De teneur van deze dominante stroom in de sociale filosofie en in het publieke debat is duidelijk. Er wordt een groot sociaal verlies geconstateerd als gevolg van diverse moderniseringsprocessen. Het behoeft weinig ondersteuning om het gelijk aan te tonen van deze maatschappijkritiek. Sociale verbanden en duurzame relaties worden minder vanzelfsprekend, commitment aan sociale verbanden ligt lager (veel verenigingen, organisaties uit de periode van verzuiling en politieke partijen kampen met terugloop in ledenaantallen) en inzet voor sociale verbanden wordt steeds meer afhankelijk van individuele zelfontplooiing (vgl. Hustinx 2009). Toch valt op deze kritiek wel wat af te dingen.

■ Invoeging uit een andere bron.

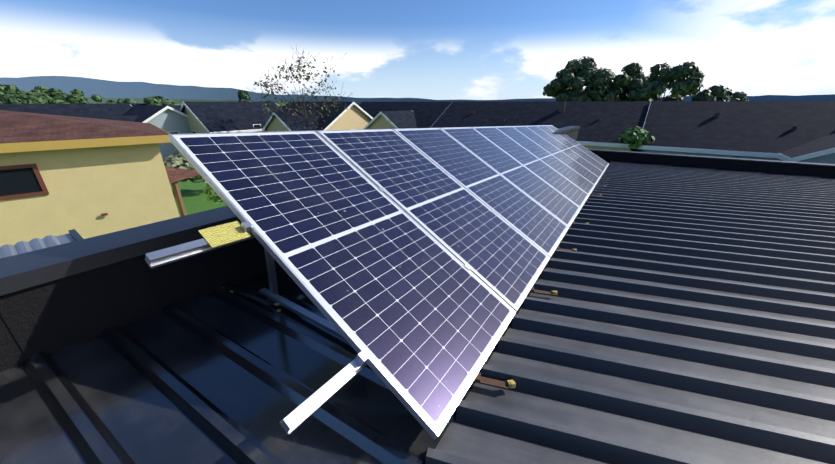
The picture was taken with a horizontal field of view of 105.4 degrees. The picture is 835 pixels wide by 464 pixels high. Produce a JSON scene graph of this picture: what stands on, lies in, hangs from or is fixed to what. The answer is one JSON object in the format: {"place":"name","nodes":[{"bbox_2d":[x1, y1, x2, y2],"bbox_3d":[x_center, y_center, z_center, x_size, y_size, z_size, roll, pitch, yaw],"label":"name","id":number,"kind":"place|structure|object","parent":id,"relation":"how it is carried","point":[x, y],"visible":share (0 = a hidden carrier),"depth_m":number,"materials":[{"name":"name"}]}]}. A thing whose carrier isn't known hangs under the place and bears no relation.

3. Nieuwe sociale dynamiek
De zorg over de Gesellschaft is niet het hele verhaal, of scherper gezegd: het is niet meer het hele verhaal. In toenemende mate verliest dit verhaal over modernisering zijn plausibiliteit. De samenleving geeft blijk van herstelkracht, of specifieker gezegd: de Gesellschaft ontwikkelt zelf ook een ‘sociale kant’ en wordt daarmee minder gevaarlijk. Deze paragraaf staat in het teken van deze ontwikkeling, die ik verken aan de hand van drie terreinen: het domein van de consumptiecultuur, het domein van het bedrijfsleven/arbeidsorganisatie en het domein van de publieke zaak.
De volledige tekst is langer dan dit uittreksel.